3.3 Task 3 - Summary of results/findings (15%)

The final task is to draw upon the findings of tasks 1 and 2 above and should summarise the following questions:

1. What is a good model for the full dataset using CV, and why? Provide a reasoned argument summarising thefindings

in your report.

2. What effect does the approach you employed for dealing with missing-valued data (denoted ‘?’ in the .arff file) have

upon the dataset and the performance of the classifiers? State why you think that the approach you have used is

appropriate.

3. Which features are most useful in the dataset? Refer to your findings of the analysis of the individual features aswell

as any methods such as decision trees (J48) which used feature information gain metrics. Is feature selection

appropriate for this classification problem/dataset and why?

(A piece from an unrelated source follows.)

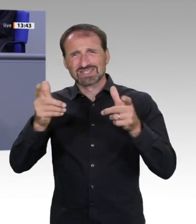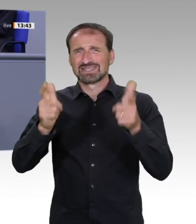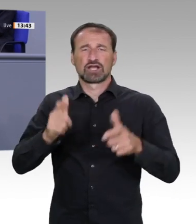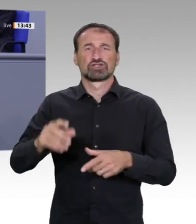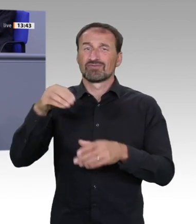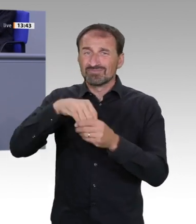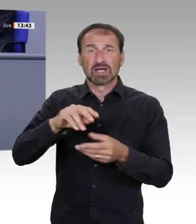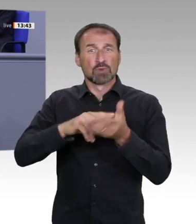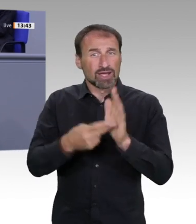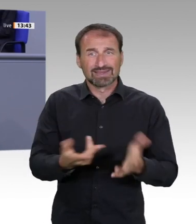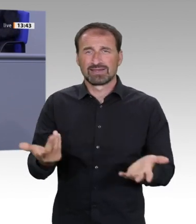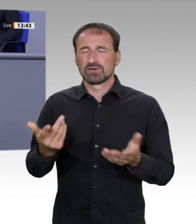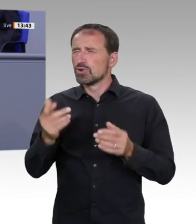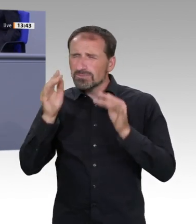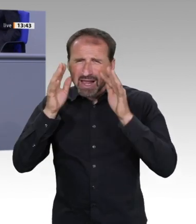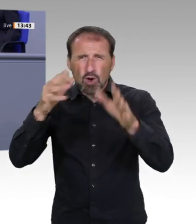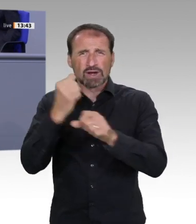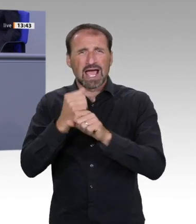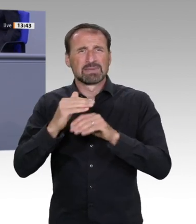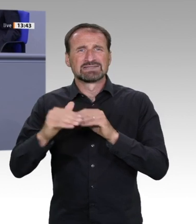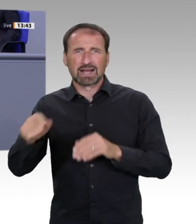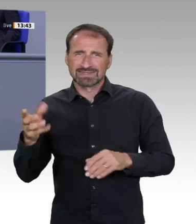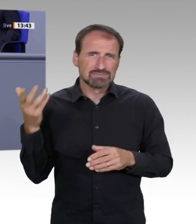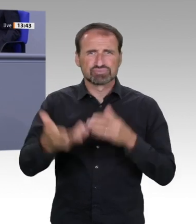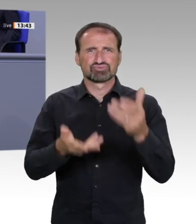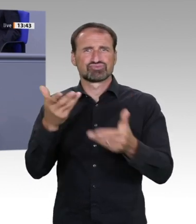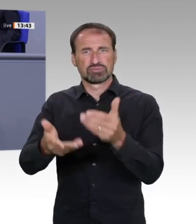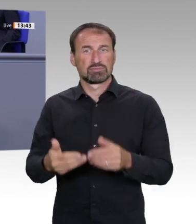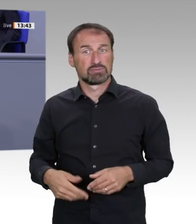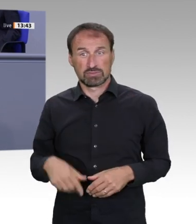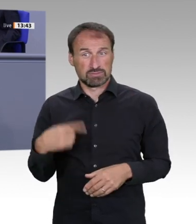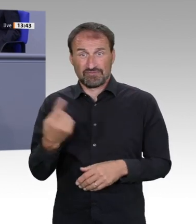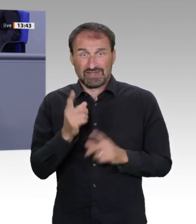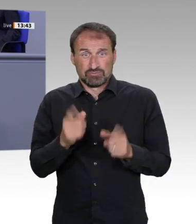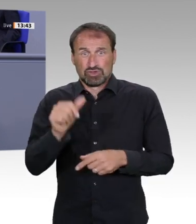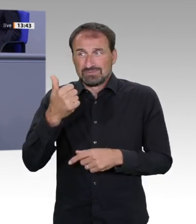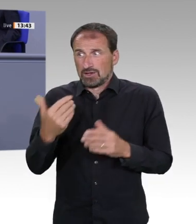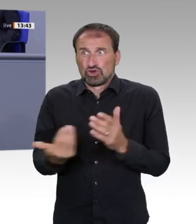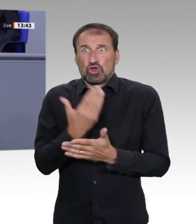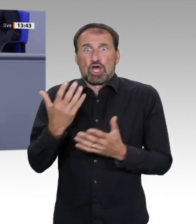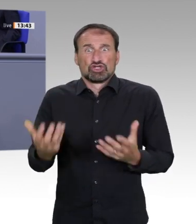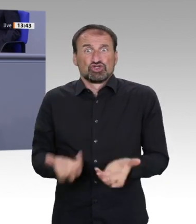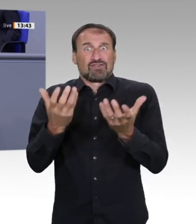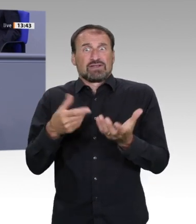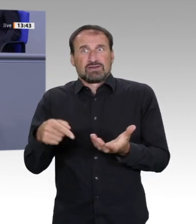Bundesregierung schaffen. Bis heute konnte nur ein Bruchteil davon besetzt werden. Vielleicht überlegen Sie sich mal, dass es für
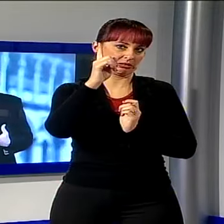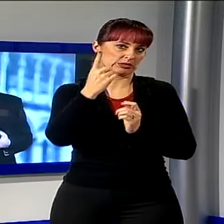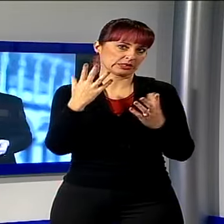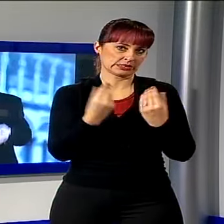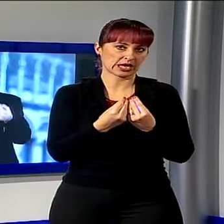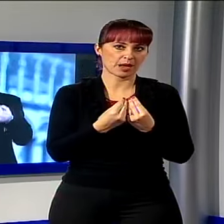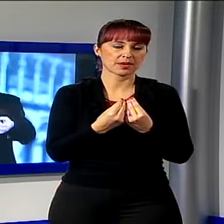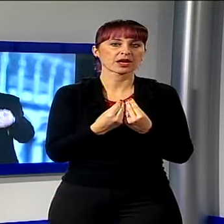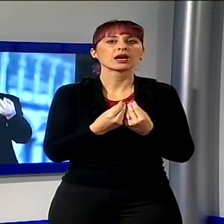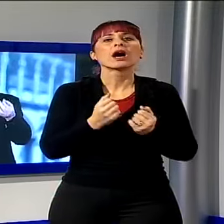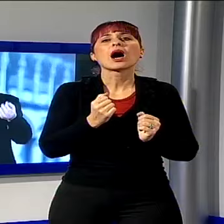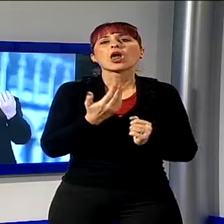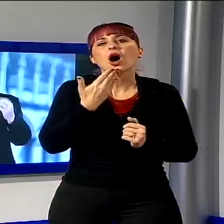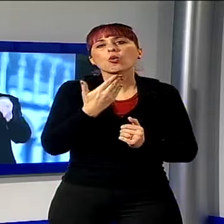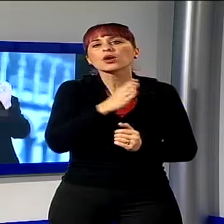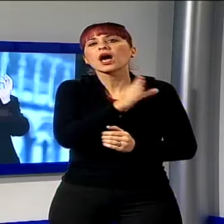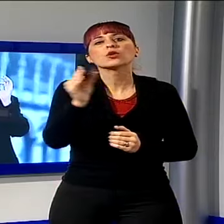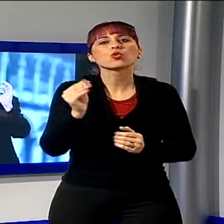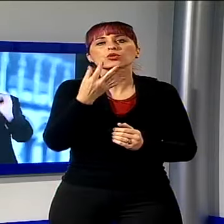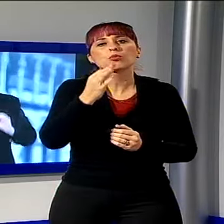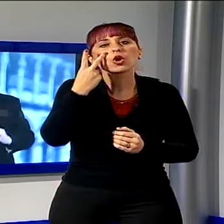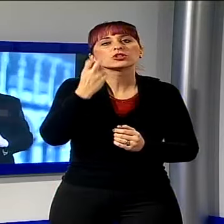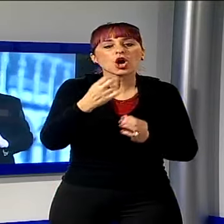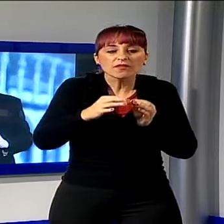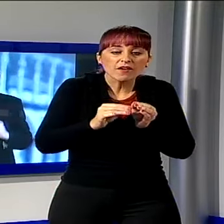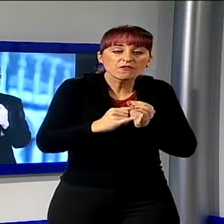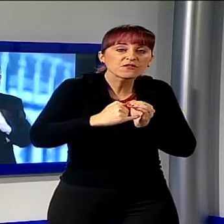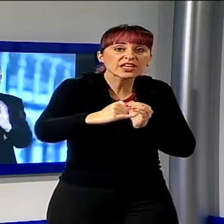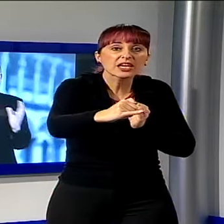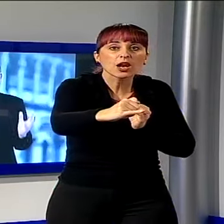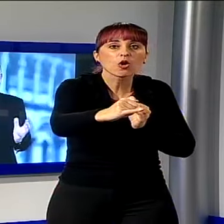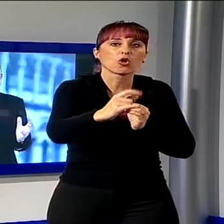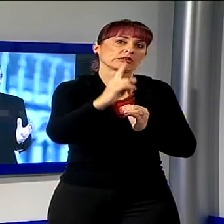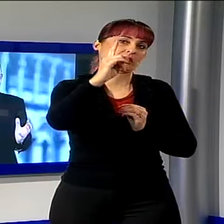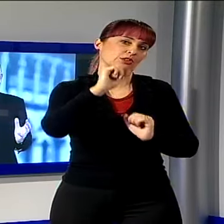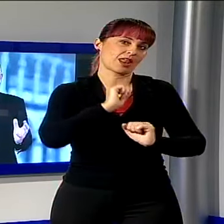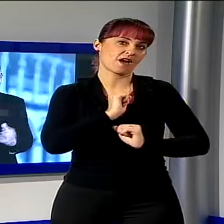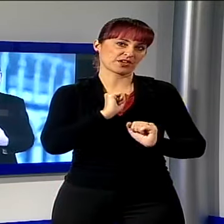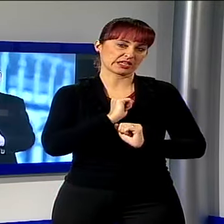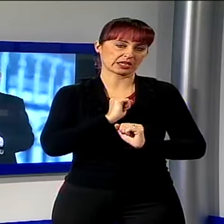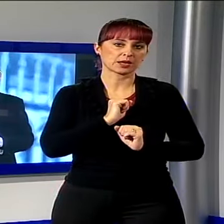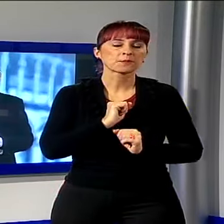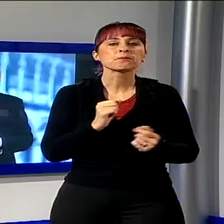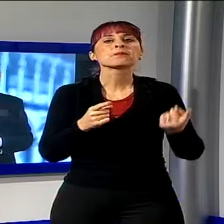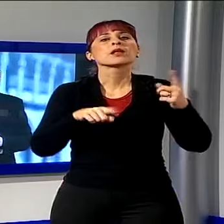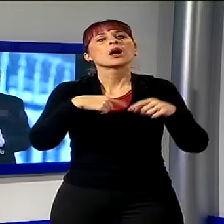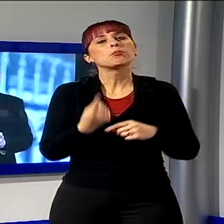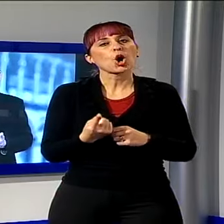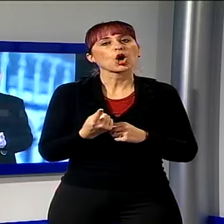cominciare da me, ritrovare e ritornare sempre al bando della matassa, che è Dio, la fede. E poi

4. Does a reduced dataset offer any advantages over the full dataset even if there are some negative changes inoverall

performance?

4 Submission and Marking

You are required to submit two separate things:

1. A report in .pdf format via TurnItIn. You should aim to keep your answers concise, while also conveying the

important information. A report of 2,800 words max. (including references) is appropriate for this. You should

also include the TurnItIn word count in your document so that it can be verified. Please do not exceed the word

limit as this will delay the marking process.

2. The modified dataset(s) created in Task 2. This should be submitted via Blackboard not TurnItIn.

Your assignment will be assessed according to the department’s assessment criteria for essays (see Student Handbook

Appendix AC) and marked based on your report and any supporting data you submit. In general it is advisable to

concentrate on appropriately sized selections or excerpts of data to support your discussion. It is not necessary to include

very large excerpts of data. However, if you feel the need to include such elements please do not include them into the

main text, but instead as an appendix, in order not to clutter the format of the report. The following marking scheme will

be used to mark your submission:

• Task 1 - Evaluating classifier performance (see description above) (30%).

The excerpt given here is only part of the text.